ダイエット、禁煙、節約、勉強──。何度も挑戦し、そのたびに挫折し、自分はなんて意志が弱いのだろうと自信をなくした経験はないだろうか?
目標を達成するには、「良い習慣」が不可欠だ。そして多くの人は、習慣を身につけるのに必要なのは「意志の力」だと勘違いしている。だが、科学で裏付けされた行動をすれば、習慣が最短で手に入り、やめたい悪習も断ち切ることができる。
その方法を説いた、アダム・グラント、ロバート・チャルディーニら一流の研究者が絶賛する1冊『やり抜く自分に変わる超習慣力 悪習を断ち切り、良い習慣を身につける科学的メソッド』(ウェンディ・ウッド著、花塚恵訳)より一部を公開する。

「ジム通いを続けられる人、続けられない人」決定的な差Photo: Adobe Stock

ジムに通い続けられる距離

 近さという単純な要素で、人を運動に駆り立てることはできるのか? この疑問と向き合ったデータ分析企業がある。
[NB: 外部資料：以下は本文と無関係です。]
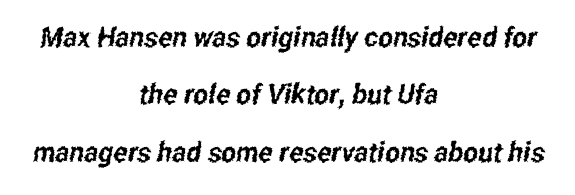
The image shows 28 px condensed sans-serif type; set centered, loose line spacing (2.05x), normal letter spacing, not underlined; low stroke contrast and a medium x-height.
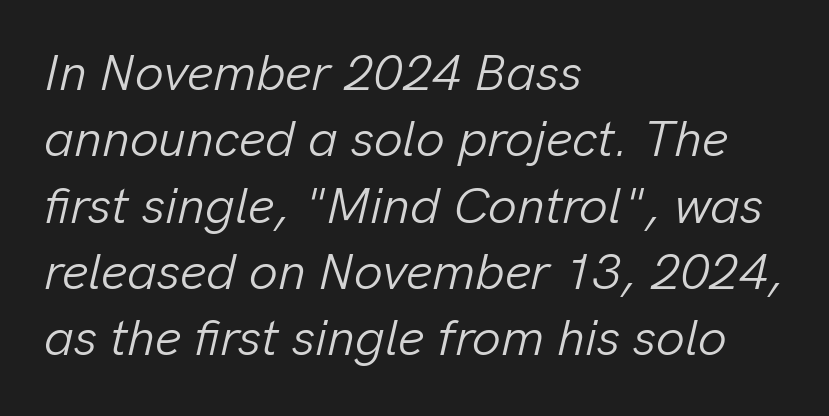
Q: Is the text bold? A: No.
Q: Is the text italic (slanted)? A: Yes, it leans right by about 13 degrees.
Q: Is the text underlined? A: No.
Q: How is the paragraph aligned? A: Left-aligned.
Q: Is the spacing between letters normal or unusually wide? A: Normal.
Q: Is the spacing between lines tight, normal or loose? A: Normal.
Q: Width (condensed, normal, or wide)? A: Normal.
Q: Stroke contrast? A: Low.
Q: x-height? A: Medium.
Q: Monospaced? A: No.

2017年の2月から3月にかけて、同社は750万台分の携帯電話の記録を使って調査を実施した(ようやく、私たちの電話の利用記録がこのような形で検証されていることが周知され始めた)。携帯機器を持つ人々が、どのくらい遠くの有料ジムに通うかを分析したのだ。

 ジムから3.7マイル(約6キロ)と中程度の距離に住む人は、月に5回以上ジムを訪れた。だが、ジムから5.1マイル(約8キロ)前後の距離に住む人は、月に1回しかジムに行かなかった。1.5マイル(約2・4キロ)にも満たないのだから、その違いは小さいように思えるが、この違いが習慣的に運動する人とたまにだけ運動する人に分けたのだ。
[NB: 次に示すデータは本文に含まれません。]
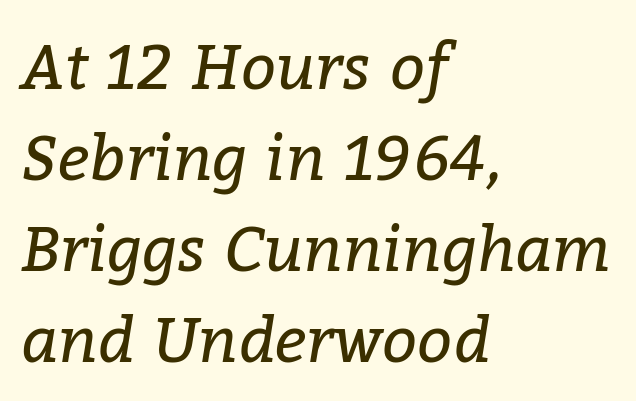
Q: Is the text bold? A: No.
Q: Is the text italic (slanted)? A: Yes, it leans right by about 9 degrees.
Q: Is the typeface a serif or a sans-serif typeface? A: Serif.
Q: Is the text underlined? A: No.
Q: How is the paragraph aligned? A: Left-aligned.
Q: Is the spacing between letters normal or unusually wide? A: Normal.
Q: Is the spacing between lines tight, normal or loose? A: Normal.
Q: Width (condensed, normal, or wide)? A: Normal.
Q: Stroke contrast? A: Low.
Q: x-height? A: Medium.
Q: Monospaced? A: No.
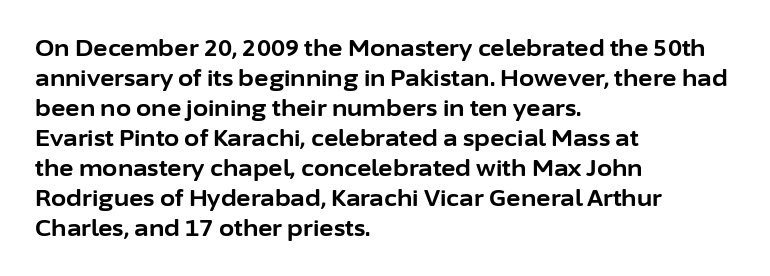
The image shows 22 px bold type, upright; set left-aligned, normal line spacing (1.36x), normal letter spacing, not underlined.

 顕在意識で、そんな短い距離を障害と認識することはない。だがその距離は確実に、習慣的に運動するかどうかに関係している。

仲良くなるにも近さが重要

 誰と友人になるかまで、距離で決まってしまう恐れがある。1950年に実施された有名な調査で、MIT(マサチューセッツ工科大学)の学生向け住宅に暮らした260名の既婚の兵役経験者の友人関係が検証された。彼らは年度の初めに、2階建ての集合住宅に無作為に部屋を割り当てられた。調査員は全員の部屋のドアからの距離を測定し、誰が誰と友人になったかを追跡調査した。

 その結果、彼らは無作為につながっても、無作為に友情を築いてもいないと判明した。隣どうしや同じフロアの学生どうしで友人になるケースが多く、別のフロアの友人は少なかった。廊下の突き当たりの部屋に住んでいる人も友人が少なかった。通りかかる学生と会う機会が少なかったせいだ。ほかのフロアにも友人をつくった学生は、階段の近くの部屋に住む学生だけだった。

 思うに、この調査は「外的な力を使うと社会生活を有利にできる」と教えてくれるものではないか。たとえば、新しい町に引っ越して知り合いをつくりたいときは、推進する力と抑圧する力の助けを借りることができる。集合住宅で部屋を借りるときは、建物の入り口に近い部屋にすれば、自然と多くの人と接するようになる。新しい仕事に就いたときは、オフィスの中央に近いデスク、もしくはオフィスの休憩所のそばを自分の席に選べば、職場の人たちとの交流に対する摩擦が減る。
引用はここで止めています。